### Work task
Below are some records; copy them word for word and drop the pictures.

───── Material to process ─────

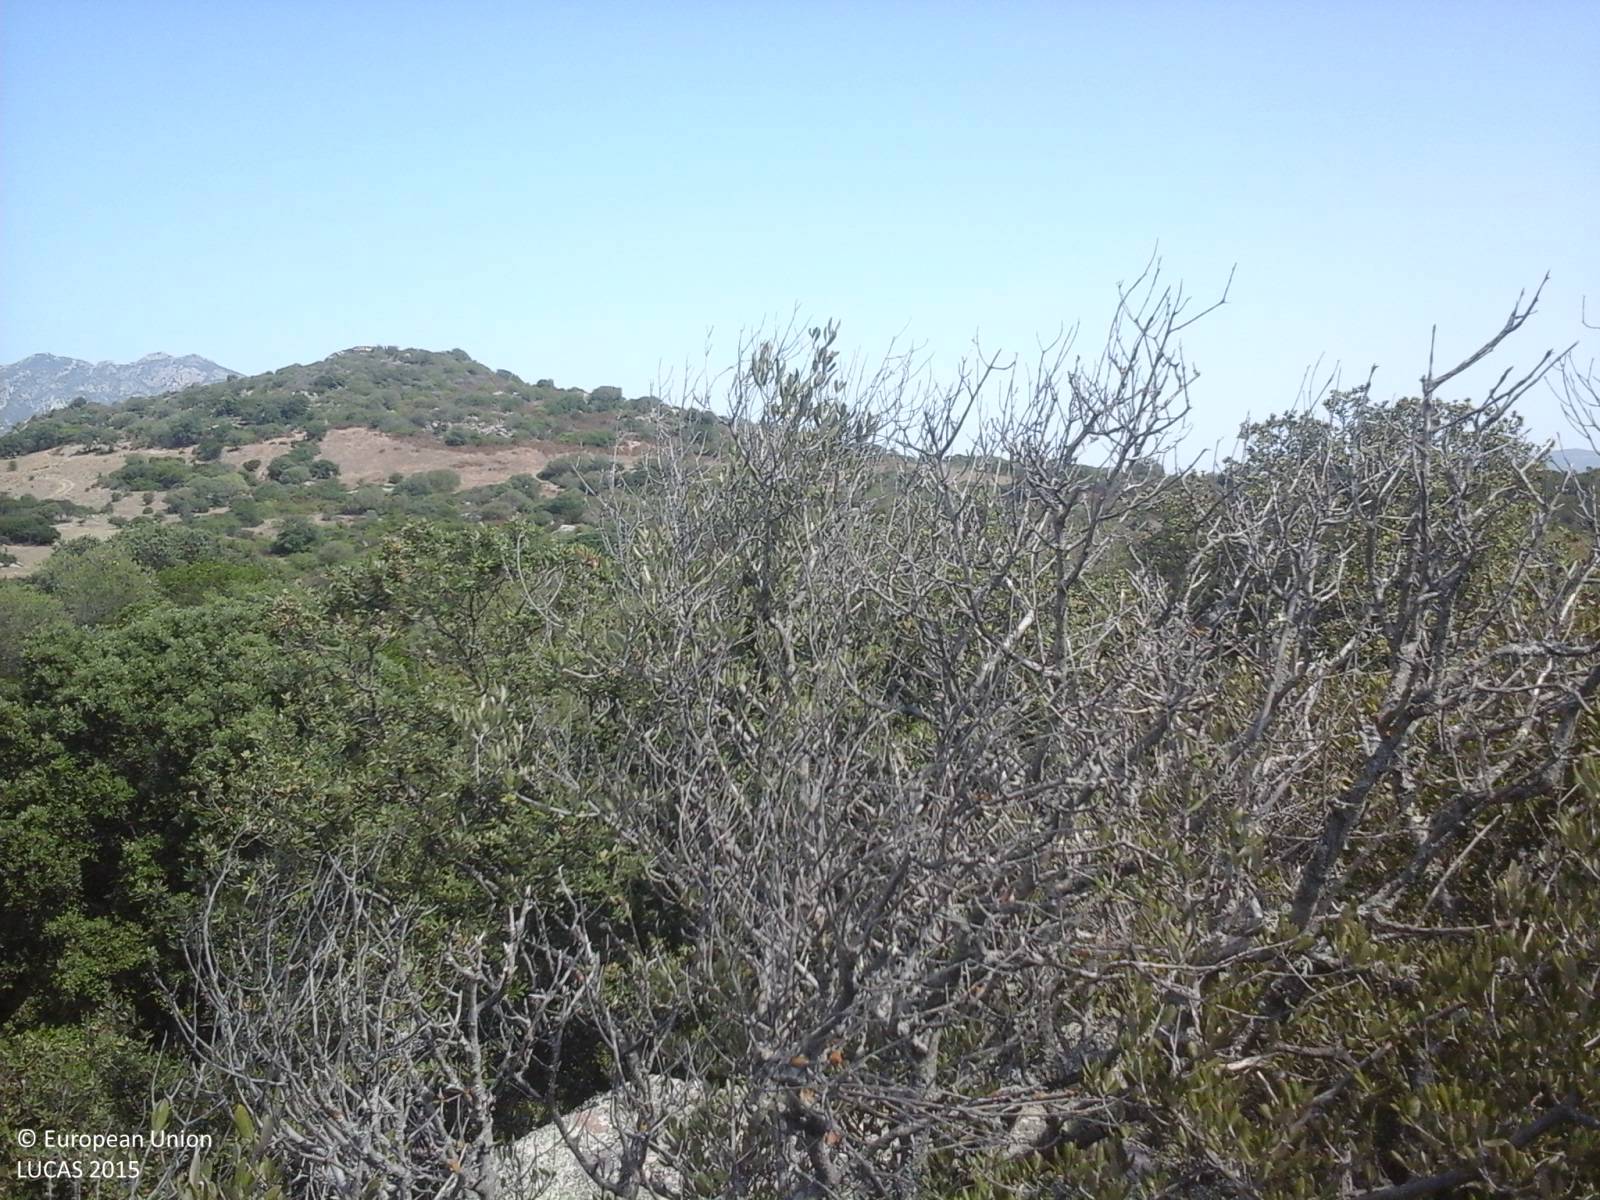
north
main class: Woodland
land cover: Broadleaved woodland
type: broadleaved evergreen forest
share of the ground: > 75 %
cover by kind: broadleaved forest trees 95 %, consolidated bare surface 5 %
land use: Semi-natural and natural areas not in use
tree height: > 5 m
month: July
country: IT
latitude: 40.8990
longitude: 9.4211

─────

### Solution below
north
main class: Woodland
land cover: Broadleaved woodland
type: broadleaved evergreen forest
share of the ground: > 75 %
cover by kind: broadleaved forest trees 95 %, consolidated bare surface 5 %
land use: Semi-natural and natural areas not in use
tree height: > 5 m
month: July
country: IT
latitude: 40.8990
longitude: 9.4211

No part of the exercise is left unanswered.